OK, so is morbido a false cognate with morbid? No, it is not. Both words come from Latin morbidus, ‘sickly, diseased’ (which in turn comes from morbus, ‘disease’, which draws on the same mor- root as mortality). In English (and in several other languages), it kept that sense or at least stayed in the same sphere; we now commonly use morbid to refer to a focus on decay, disease, and especially death, but the medical term morbidity refers specifically to occurrences of illness, not of death – the collocation morbidity and mortality refers to bad things that happen in the course of medical treatment, both sickness (morbidity) and death (mortality). Whereas an Italian chef uses morbido to refer to good things – specifically soft ones – that come up in the course of cooking.

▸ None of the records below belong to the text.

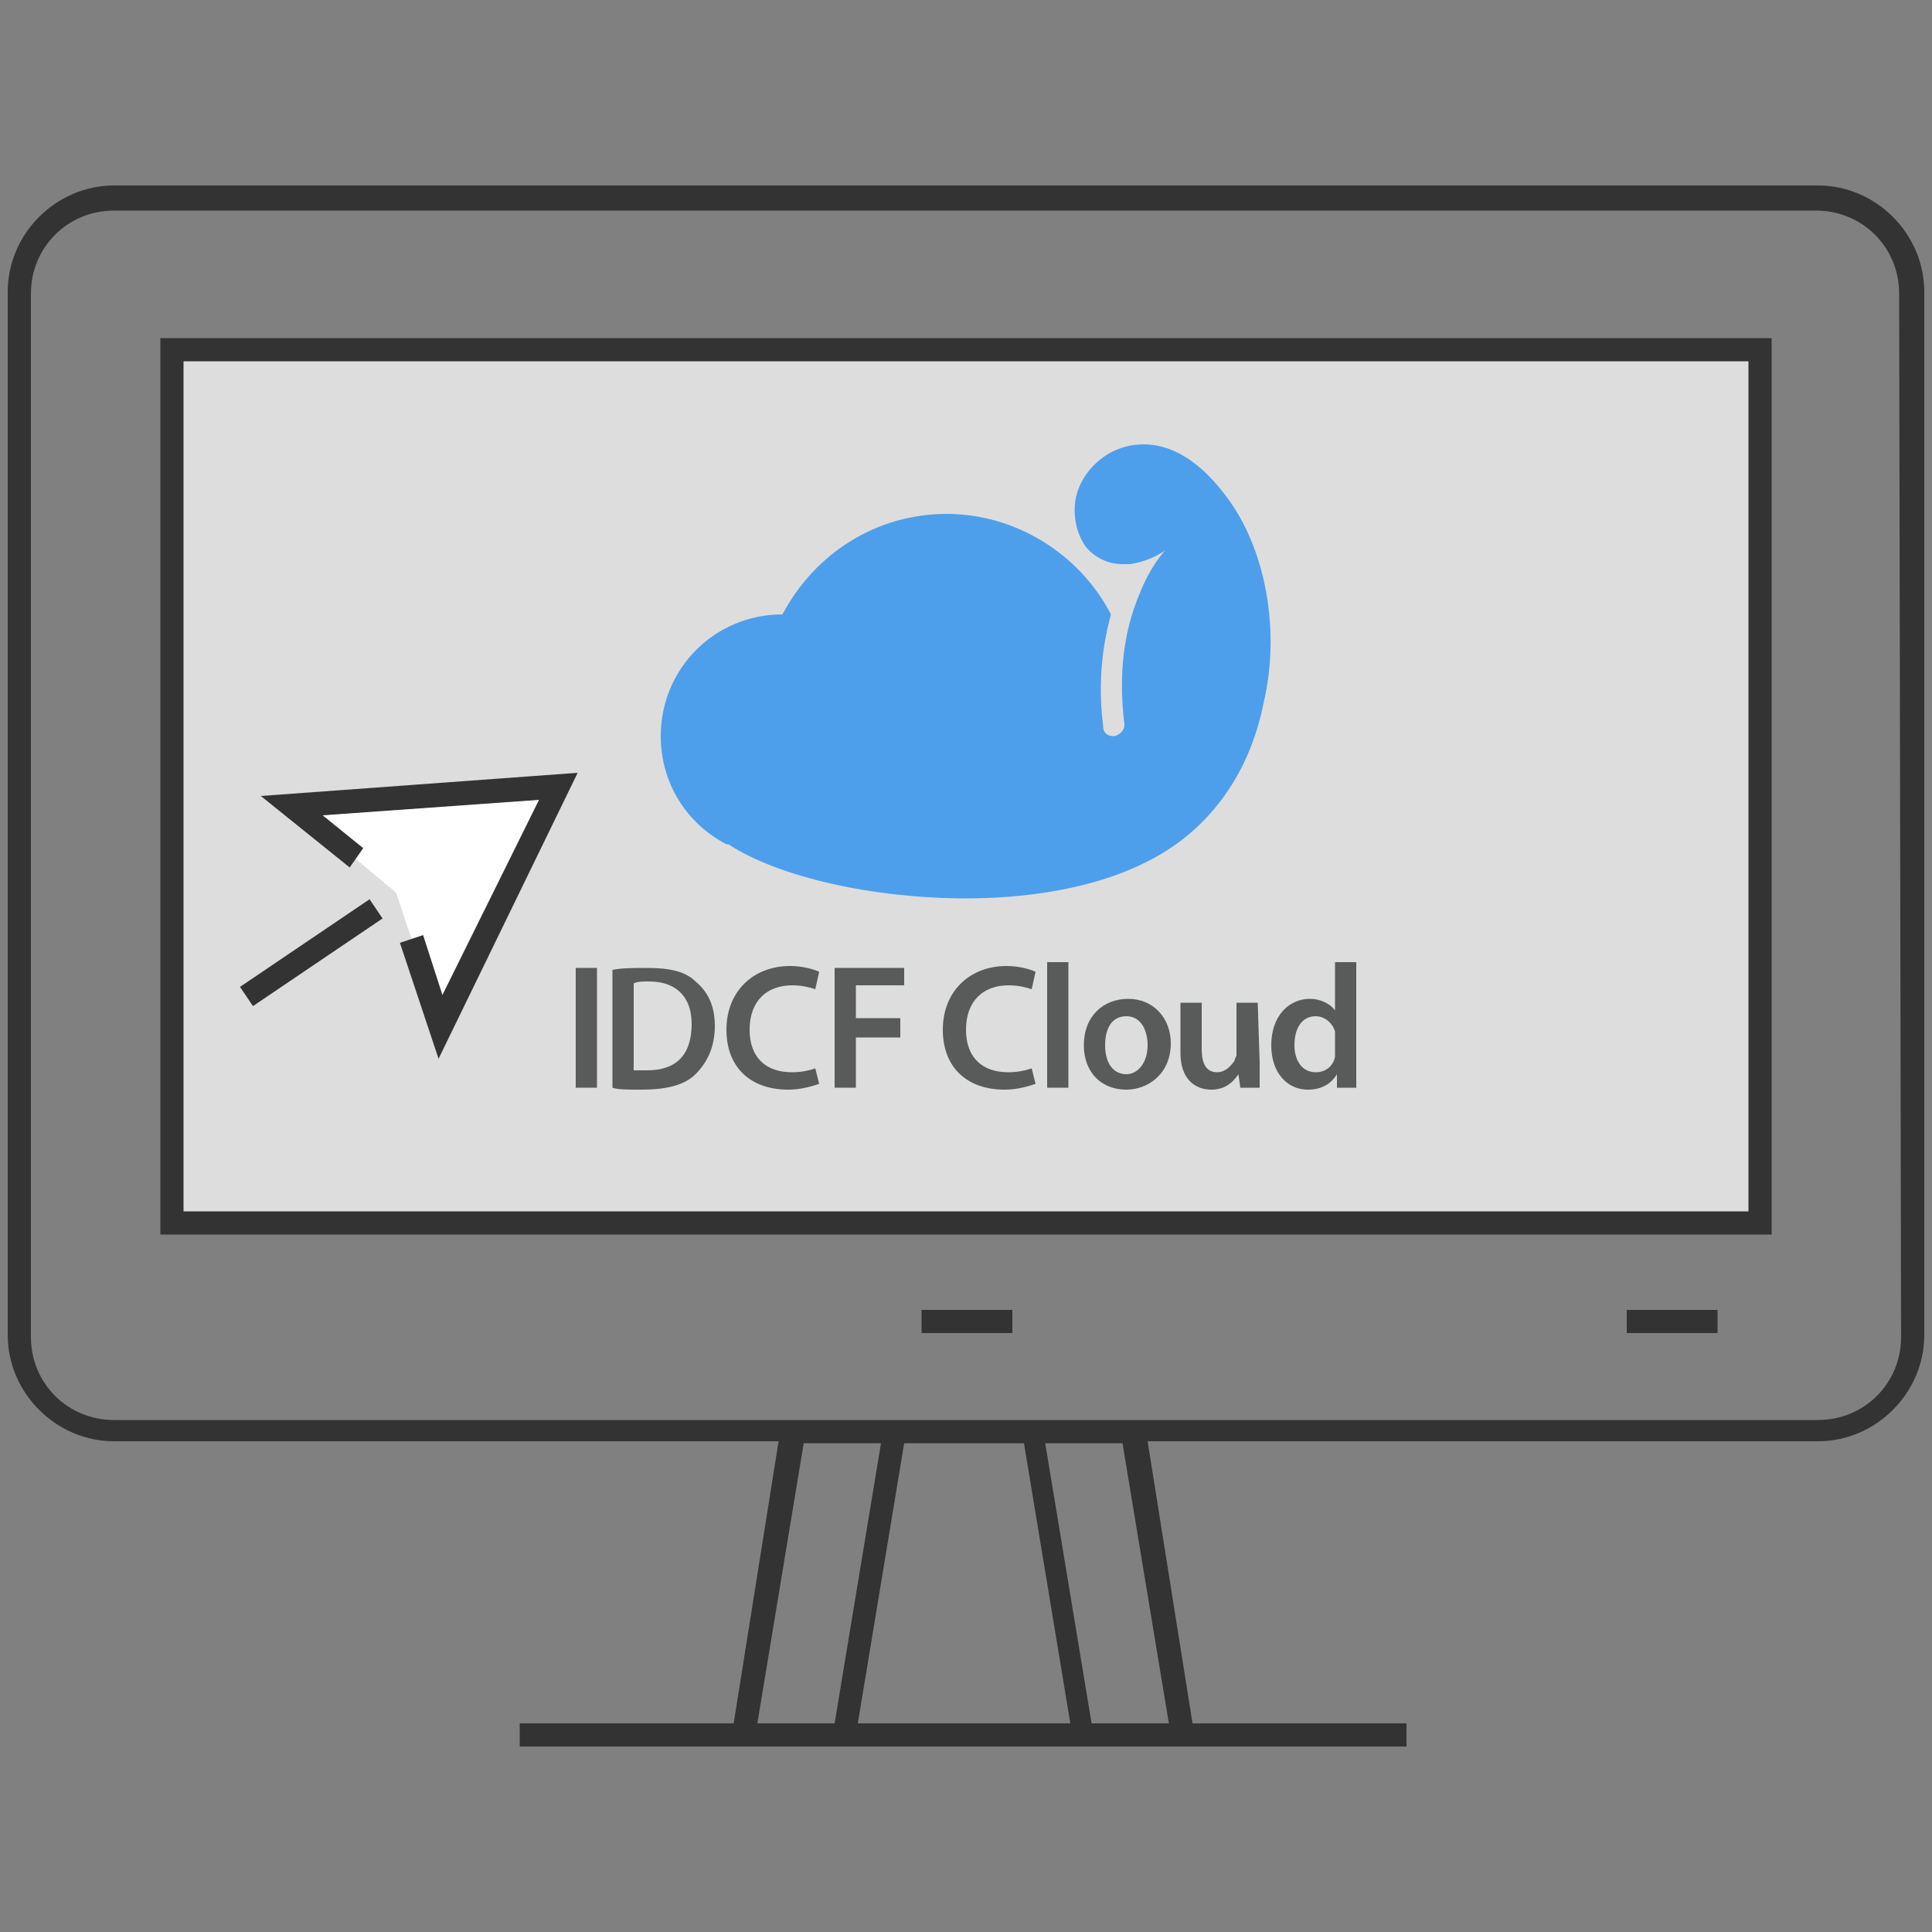 <?xml version="1.0" encoding="utf-8"?>
<!-- Generator: Adobe Illustrator 24.1.1, SVG Export Plug-In . SVG Version: 6.00 Build 0)  -->
<svg version="1.1" id="layer" xmlns="http://www.w3.org/2000/svg" xmlns:xlink="http://www.w3.org/1999/xlink" x="0px" y="0px"
	 width="100px" height="100px" viewBox="0 0 100 100" style="enable-background:new 0 0 100 100;" xml:space="preserve">
<rect x="0" y="0" width="100" height="100" fill="#808080" stroke="none"/>
<style type="text/css">
	.st0{fill:#333333;}
	.st1{fill:#DDDDDD;}
	.st2{fill:#FFFFFF;}
	.st3{clip-path:url(#SVGID_2_);}
	.st4{clip-path:url(#SVGID_4_);fill:#4D9FEB;}
	.st5{clip-path:url(#SVGID_6_);fill:#595A5A;}
	.st6{clip-path:url(#SVGID_8_);fill:#595A5A;}
	.st7{clip-path:url(#SVGID_10_);fill:#595A5A;}
	.st8{clip-path:url(#SVGID_12_);fill:#595A5A;}
	.st9{clip-path:url(#SVGID_14_);fill:#595A5A;}
	.st10{clip-path:url(#SVGID_16_);fill:#595A5A;}
	.st11{clip-path:url(#SVGID_18_);fill:#595A5A;}
	.st12{clip-path:url(#SVGID_20_);fill:#595A5A;}
	.st13{clip-path:url(#SVGID_22_);fill:#595A5A;}
</style>
<path class="st0" d="M94.1,9.6H5.9c-3,0-5.5,2.5-5.5,5.5v54c0,3,2.5,5.5,5.5,5.5h34.4l-2.5,15.7H43h13.7h5.2l-2.5-15.7h34.7
	c3,0,5.5-2.5,5.5-5.5v-54C99.6,12.1,97.1,9.6,94.1,9.6z M39.2,89.2l2.4-14.5h4l-2.4,14.5H39.2z M44.4,89.2l2.4-14.5H53l2.4,14.5
	H44.4z M60.5,89.2h-4l-2.4-14.5h4L60.5,89.2z M98.4,69.2c0,2.4-1.9,4.3-4.3,4.3H59.2H54h-8.2h-5.2H5.9c-2.4,0-4.3-1.9-4.3-4.3v-54
	c0-2.4,1.9-4.3,4.3-4.3H94c2.4,0,4.3,1.9,4.3,4.3L98.4,69.2L98.4,69.2z"/>
<rect x="8.9" y="18.1" class="st1" width="82.2" height="45.3"/>
<rect x="26.9" y="89.2" class="st0" width="45.9" height="1.2"/>
<path class="st0" d="M91.7,63.9H8.3V17.5h83.4C91.7,17.5,91.7,63.9,91.7,63.9z M9.5,62.7h81v-44h-81V62.7z"/>
<rect x="47.7" y="67.8" class="st0" width="4.7" height="1.2"/>
<rect x="84.2" y="67.8" class="st0" width="4.7" height="1.2"/>
<polygon class="st2" points="15.1,41.7 28.9,40.7 22.8,53.1 20.5,46.2 "/>
<polygon class="st0" points="22.7,54.8 20.7,48.8 21.9,48.4 22.9,51.5 27.9,41.4 16.7,42.2 18.8,43.9 18.1,44.9 13.5,41.2 29.9,40 
	"/>
<rect x="12.1" y="48.7" transform="matrix(0.828 -0.56 0.56 0.828 -24.869 17.534)" class="st0" width="8.1" height="1.2"/>
<g id="クラウドロゴ_xFF3F_フルカラー_1_">
	<g>
		<g>
			<defs>
				<rect id="SVGID_1_" x="29.8" y="23" width="40.4" height="33.4"/>
			</defs>
			<clipPath id="SVGID_2_">
				<use xlink:href="#SVGID_1_"  style="overflow:visible;"/>
			</clipPath>
			<g class="st3">
				<g>
					<defs>
						<rect id="SVGID_3_" x="29.8" y="23" width="40.4" height="33.4"/>
					</defs>
					<clipPath id="SVGID_4_">
						<use xlink:href="#SVGID_3_"  style="overflow:visible;"/>
					</clipPath>
					<path class="st4" d="M63.4,25.6c-1.6-2.1-3.1-2.6-4.2-2.6c-1.9,0-3.2,1.4-3.5,2.7c-0.2,0.9,0,1.9,0.5,2.6
						c0.5,0.6,1.2,0.9,1.9,0.9c0.1,0,0.2,0,0.4,0l0,0c0.6-0.1,1.2-0.3,1.8-0.7l0,0c-0.1,0.1-0.8,0.9-1.3,2.2
						c-0.6,1.4-1.2,3.6-0.8,6.8c0,0.3-0.2,0.5-0.5,0.6c0,0,0,0-0.1,0c-0.3,0-0.5-0.2-0.5-0.5c-0.3-2.4,0-4.3,0.4-5.8
						c-1.6-3.1-4.9-5.2-8.5-5.2s-6.8,2-8.5,5.2l0,0c-3.5,0-6.3,2.8-6.3,6.3c0,2.4,1.3,4.5,3.4,5.6l0,0l0,0c0,0,0,0,0.1,0l0,0
						c2.6,1.7,7.5,2.8,12.3,2.8l0,0c2.8,0,6.9-0.4,10.1-2.3c2.7-1.6,4.6-4.3,5.3-7.8C66.3,32.6,65.5,28.3,63.4,25.6"/>
				</g>
				<g>
					<defs>
						<rect id="SVGID_5_" x="29.8" y="23" width="40.4" height="33.4"/>
					</defs>
					<clipPath id="SVGID_6_">
						<use xlink:href="#SVGID_5_"  style="overflow:visible;"/>
					</clipPath>
					<rect x="29.8" y="50.1" class="st5" width="1.1" height="6.2"/>
				</g>
				<g>
					<defs>
						<rect id="SVGID_7_" x="29.8" y="23" width="40.4" height="33.4"/>
					</defs>
					<clipPath id="SVGID_8_">
						<use xlink:href="#SVGID_7_"  style="overflow:visible;"/>
					</clipPath>
					<path class="st6" d="M31.7,50.2c0.5-0.1,1.1-0.1,1.8-0.1c1.2,0,2,0.2,2.5,0.7c0.6,0.5,1,1.2,1,2.3s-0.4,1.9-1,2.5
						s-1.6,0.8-2.8,0.8c-0.7,0-1.2,0-1.5-0.1V50.2z M32.9,55.4c0.2,0,0.4,0,0.6,0c1.5,0,2.3-0.8,2.3-2.4c0-1.4-0.8-2.2-2.2-2.2
						c-0.4,0-0.6,0-0.8,0.1v4.5H32.9z"/>
				</g>
				<g>
					<defs>
						<rect id="SVGID_9_" x="29.8" y="23" width="40.4" height="33.4"/>
					</defs>
					<clipPath id="SVGID_10_">
						<use xlink:href="#SVGID_9_"  style="overflow:visible;"/>
					</clipPath>
					<path class="st7" d="M42.4,56.1c-0.3,0.1-0.9,0.3-1.6,0.3c-2,0-3.2-1.2-3.2-3.1c0-2,1.4-3.3,3.3-3.3c0.7,0,1.3,0.2,1.5,0.3
						l-0.2,0.9C41.9,51.1,41.5,51,41,51c-1.3,0-2.2,0.8-2.2,2.3c0,1.4,0.8,2.2,2.2,2.2c0.5,0,0.9-0.1,1.2-0.2L42.4,56.1z"/>
				</g>
				<g>
					<defs>
						<rect id="SVGID_11_" x="29.8" y="23" width="40.4" height="33.4"/>
					</defs>
					<clipPath id="SVGID_12_">
						<use xlink:href="#SVGID_11_"  style="overflow:visible;"/>
					</clipPath>
					<polygon class="st8" points="43.2,50.1 46.8,50.1 46.8,51 44.3,51 44.3,52.7 46.6,52.7 46.6,53.7 44.3,53.7 44.3,56.3 
						43.2,56.3 					"/>
				</g>
				<g>
					<defs>
						<rect id="SVGID_13_" x="29.8" y="23" width="40.4" height="33.4"/>
					</defs>
					<clipPath id="SVGID_14_">
						<use xlink:href="#SVGID_13_"  style="overflow:visible;"/>
					</clipPath>
					<path class="st9" d="M53.6,56.1c-0.3,0.1-0.9,0.3-1.6,0.3c-2,0-3.2-1.2-3.2-3.1c0-2,1.4-3.3,3.3-3.3c0.7,0,1.3,0.2,1.5,0.3
						l-0.2,0.9c-0.3-0.1-0.7-0.2-1.2-0.2c-1.3,0-2.2,0.8-2.2,2.3c0,1.4,0.8,2.2,2.2,2.2c0.5,0,0.9-0.1,1.2-0.2L53.6,56.1z"/>
				</g>
				<g>
					<defs>
						<rect id="SVGID_15_" x="29.8" y="23" width="40.4" height="33.4"/>
					</defs>
					<clipPath id="SVGID_16_">
						<use xlink:href="#SVGID_15_"  style="overflow:visible;"/>
					</clipPath>
					<rect x="54.2" y="49.8" class="st10" width="1.1" height="6.5"/>
				</g>
				<g>
					<defs>
						<rect id="SVGID_17_" x="29.8" y="23" width="40.4" height="33.4"/>
					</defs>
					<clipPath id="SVGID_18_">
						<use xlink:href="#SVGID_17_"  style="overflow:visible;"/>
					</clipPath>
					<path class="st11" d="M60.6,54c0,1.6-1.2,2.4-2.3,2.4c-1.3,0-2.2-0.9-2.2-2.3c0-1.5,1-2.4,2.3-2.4C59.7,51.7,60.6,52.7,60.6,54
						 M57.2,54.1c0,0.9,0.4,1.5,1.1,1.5c0.6,0,1.1-0.6,1.1-1.5c0-0.7-0.3-1.5-1.1-1.5S57.2,53.3,57.2,54.1"/>
				</g>
				<g>
					<defs>
						<rect id="SVGID_19_" x="29.8" y="23" width="40.4" height="33.4"/>
					</defs>
					<clipPath id="SVGID_20_">
						<use xlink:href="#SVGID_19_"  style="overflow:visible;"/>
					</clipPath>
					<path class="st12" d="M65.2,55c0,0.5,0,1,0,1.3h-1l-0.1-0.7l0,0c-0.2,0.3-0.6,0.8-1.4,0.8c-0.8,0-1.6-0.5-1.6-1.9v-2.6h1.1v2.4
						c0,0.7,0.2,1.2,0.8,1.2c0.4,0,0.7-0.3,0.9-0.6c0-0.1,0.1-0.2,0.1-0.3v-2.7h1.1L65.2,55L65.2,55z"/>
				</g>
				<g>
					<defs>
						<rect id="SVGID_21_" x="29.8" y="23" width="40.4" height="33.4"/>
					</defs>
					<clipPath id="SVGID_22_">
						<use xlink:href="#SVGID_21_"  style="overflow:visible;"/>
					</clipPath>
					<path class="st13" d="M70.2,49.8V55c0,0.5,0,1,0,1.3h-1v-0.7l0,0c-0.3,0.5-0.8,0.8-1.5,0.8c-1.1,0-1.9-0.9-1.9-2.3
						c0-1.5,0.9-2.4,2-2.4c0.6,0,1.1,0.3,1.3,0.6l0,0v-2.5C69.1,49.8,70.2,49.8,70.2,49.8z M69.1,53.7c0-0.1,0-0.2,0-0.3
						c-0.1-0.4-0.5-0.8-1-0.8c-0.7,0-1.1,0.6-1.1,1.5c0,0.8,0.4,1.4,1.1,1.4c0.5,0,0.9-0.3,1-0.8c0-0.1,0-0.2,0-0.3V53.7z"/>
				</g>
			</g>
		</g>
	</g>
</g>
</svg>

So… does that mean that Italians have, or anyway had, a negative attitude towards soft food? As though perhaps it is only for the invalid and valetudinarian? No, it seems not; rather, it was that disease and decay are associated with weakness and lack of strength and firmness, and so it came to mean that, and then it lost its negative tone and took on a positive one to mean ‘soft’, ‘docile’, ‘smooth’, ‘not rigid’. As the website Una parola al giorno puts it, “È uno degli esempi più splendidi di parola che si sia emancipata totalmente dalla sua origine scura e spiacevole, diventando una luce sensoriale potente, gradevole e gradita” (It’s one of the most splendid examples of a word being totally emancipated from its dark and unpleasant origin, becoming a powerful, pleasant, and welcome light to the senses).

It is not, after all, that morbido is used only for soft food; a pillow may also be so (“un cuscino morbido” is not only for your death bed), and, as Garzanti tells us, many other things may be called morbido (or, for feminine nouns, morbida): hair, fabric, skin, wine (smooth and well balanced), paintings (harmonious and delicate), personal character (tolerant, agreeable, sequacious even)… 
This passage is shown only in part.